Perhaps even worse for Louisville, this trial isn’t even half over. The prosecution has already stated, without details, that another assistant coach, Jordan Fair, paid $900 to a separate student athlete at an undisclosed time. It is also possible that a secret recording of a meeting in Las Vegas may be introduced featuring Fair. That’s three separate members of Pitino’s staff that would be implicated.
The NCAA has brought out the death penalty only once, barring the SMU football team from playing the 1987 season and limiting the 1988 season to only home games for violating NCAA rules while on probation. The school decided to sit out 1988 also.
This is similar, sort of. Prostitutes, strippers and then alleged direct cash payments, only not from rogue boosters or in the shadows via agents, but Pitino’s own hand-picked staff members.

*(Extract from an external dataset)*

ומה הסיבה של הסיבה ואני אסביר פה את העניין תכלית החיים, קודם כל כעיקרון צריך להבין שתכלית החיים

If the committee on infractions doesn’t have the courage to implement the death penalty on that, then the NCAA should just give up and take it off the books.

If the allegations of Bowen Sr. are true, the facts fit the penalty suggested. Frankly doesn't matter that they got rid of the two actual violators after each offense.
 
Unbelievable, if true NCJ.
Got to think Mack was reassured all was clean when he took job.
Almost have to expect current commitments to bail as well as prospective targets.